The film was released in theaters in Mexico on January 10, 2020.

==Plot==
Years ago, a team of superheroes known as the Liga de los 5 are on a mission to rescue Chema and Dolores, the team leaders' children, from Tin Marín. Chema and Dolores' mother decides to give in to complete a ritual Tin Marín was conducting, in exchange for her children. As their father and the rest of the team attempt to stop Tin Marín, the place collapses and kills Chema and Dolores' parents in the process.

In the present day, Chema, who has the ability to emanate capsaicin and turn his surroundings pungent, and Dolores, who can turn into a ghost —similarly as how her mother did— now live a civilian life with the team's gadgetman Tuerkas. After an inccident in which Dolores uses her powers gets uploaded to the internet, Tin Marín locates their house and kidnaps her. Tuerkas introduces Chema to the remaining Liga de los 5 team members: Catrina, a living skeleton who can manipulate bones and use them under her will; Tetlepanquetzal (or Tetle for short), an Aztec warrior who can turn into any animal he touches; and Tuna Guzmán, a lucha libre wrestler whose body can produce spines and cactus sap. Chema, Catrina, and Tetle go to recruit Tuna; as he gets into and argument with his employer, Tuerkas informs the team that Tin Marín is at the Museum of Anthropology getting his hands on a dagger needed for a ritual. Tin Marín steals it, but Tuna reveals he had replaced the original dagger with a decoy and kept the original one, although it got stolen from him before.

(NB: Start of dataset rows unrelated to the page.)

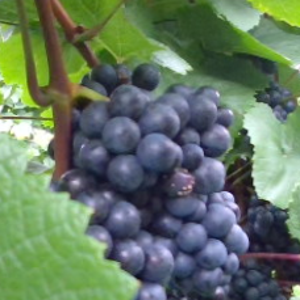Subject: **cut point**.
Wrapping results in <instances>:
<instances>
[{"instance_id": "6a23745f", "label": "cut point", "mask_w": 300, "mask_h": 300, "mask_svg": "<svg viewBox=\"0 0 300 300\" xmlns=\"http://www.w3.org/2000/svg\"><path fill=\"white\" fill-rule=\"evenodd\" d=\"M73 87L76 100L82 98L87 101H111L110 97L102 95L91 88L83 87L80 84H73Z\"/></svg>"}]
</instances>
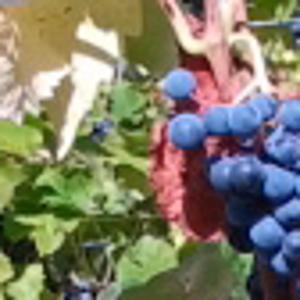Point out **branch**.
Here are the masks:
<instances>
[{"mask_svg":"<svg viewBox=\"0 0 300 300\" xmlns=\"http://www.w3.org/2000/svg\"><path fill=\"white\" fill-rule=\"evenodd\" d=\"M231 0H208L204 20V47L214 82L227 84L236 74L235 51L225 40L230 33L228 17Z\"/></svg>","mask_w":300,"mask_h":300,"instance_id":"1","label":"branch"}]
</instances>
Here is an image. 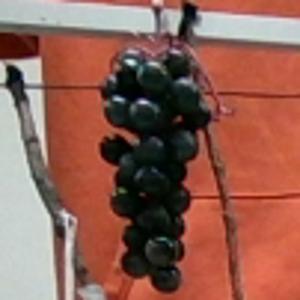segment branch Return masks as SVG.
Returning a JSON list of instances; mask_svg holds the SVG:
<instances>
[{
  "label": "branch",
  "mask_w": 300,
  "mask_h": 300,
  "mask_svg": "<svg viewBox=\"0 0 300 300\" xmlns=\"http://www.w3.org/2000/svg\"><path fill=\"white\" fill-rule=\"evenodd\" d=\"M179 1L180 21L178 22L177 27L176 42L178 44L176 48L184 49L190 55L194 65V71L191 75V79L203 90L205 99V86L203 85L202 68L197 62L195 56L191 53V49L193 48L194 28L199 27L202 24V16L198 14L200 6L192 3L190 0Z\"/></svg>",
  "instance_id": "170604dd"
},
{
  "label": "branch",
  "mask_w": 300,
  "mask_h": 300,
  "mask_svg": "<svg viewBox=\"0 0 300 300\" xmlns=\"http://www.w3.org/2000/svg\"><path fill=\"white\" fill-rule=\"evenodd\" d=\"M204 135V144L207 150L210 169L216 182L221 205V217L225 234L226 250L228 255V274L231 284L232 300H246L243 291V280L240 264L239 241L233 204L229 197L226 179V163L222 159L221 148L218 146L214 123L205 130H199Z\"/></svg>",
  "instance_id": "325d2c04"
},
{
  "label": "branch",
  "mask_w": 300,
  "mask_h": 300,
  "mask_svg": "<svg viewBox=\"0 0 300 300\" xmlns=\"http://www.w3.org/2000/svg\"><path fill=\"white\" fill-rule=\"evenodd\" d=\"M6 80L4 89L11 95L20 126V137L33 187L38 191L52 227L67 247L70 271L83 292L82 300H104L91 279L89 270L77 244L76 238L65 218L62 200L58 197L51 175L45 167L41 140L31 111V97L26 89V74L16 63L5 62Z\"/></svg>",
  "instance_id": "30e6481e"
}]
</instances>
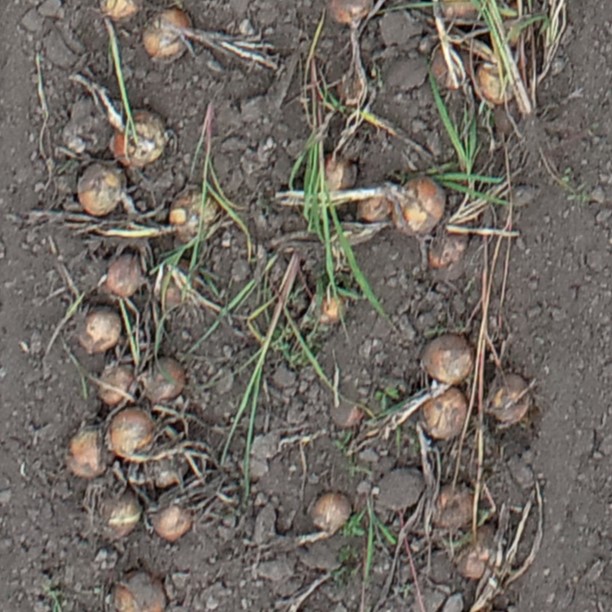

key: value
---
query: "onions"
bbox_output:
[492,103,520,129]
[107,408,155,456]
[310,491,349,532]
[115,111,166,166]
[64,426,110,479]
[424,235,463,273]
[151,503,190,540]
[73,164,122,215]
[438,488,480,529]
[420,388,466,437]
[77,308,121,353]
[442,0,478,26]
[471,64,514,103]
[150,447,188,488]
[139,356,188,401]
[143,12,191,57]
[320,296,347,323]
[96,489,140,535]
[497,3,535,45]
[322,151,357,189]
[327,0,369,27]
[398,178,443,232]
[111,575,163,612]
[169,195,213,239]
[93,363,134,404]
[329,398,359,428]
[359,193,393,225]
[102,256,144,297]
[158,264,197,307]
[99,0,136,19]
[457,534,499,577]
[433,44,466,89]
[487,372,530,423]
[421,334,472,383]
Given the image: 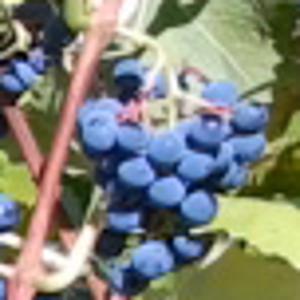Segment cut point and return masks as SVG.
I'll use <instances>...</instances> for the list:
<instances>
[{"label":"cut point","instance_id":"1","mask_svg":"<svg viewBox=\"0 0 300 300\" xmlns=\"http://www.w3.org/2000/svg\"><path fill=\"white\" fill-rule=\"evenodd\" d=\"M114 32L119 36L149 45L158 52L147 73V78L149 80H155L157 78L160 68L167 75H172L174 73V68L167 60V47L160 40L148 34L124 27L121 24H118Z\"/></svg>","mask_w":300,"mask_h":300}]
</instances>
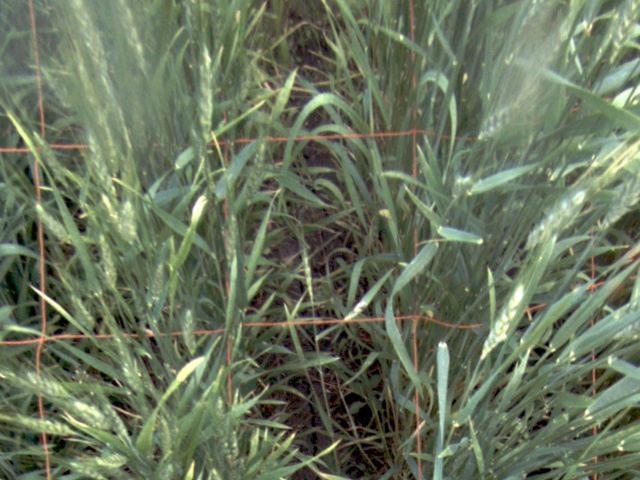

The team head to the Lagunilla market in hopes to find the dagger. Unbeknownst to them, Tin Marín tracks them down and retrieves the authentic dagger. Meanwhile, at Tin Marín's hideout, Dolores learns that Tin Marín wants to summon a supernatural entity known as Dr. Vampiro who could resurrect his daughter. The next day, Chema and Tuna find Tin Marín's hideout after Chema realizes he was given a flyer about a local fair earlier. After their sneak-in goes awry, Catrina and Tetle arrive in a modified bus and save both of them but the bus gets stuck in the underground. Tin Marín summons Dr. Vampiro but he is deceived by Dr. Vampiro as he does not resurrect his daughter as he had promised. The team escapes from the bus and Chema frees Dolores with the help of a redeemed Tin Marín, who sacrifices himself to liberate Dolores.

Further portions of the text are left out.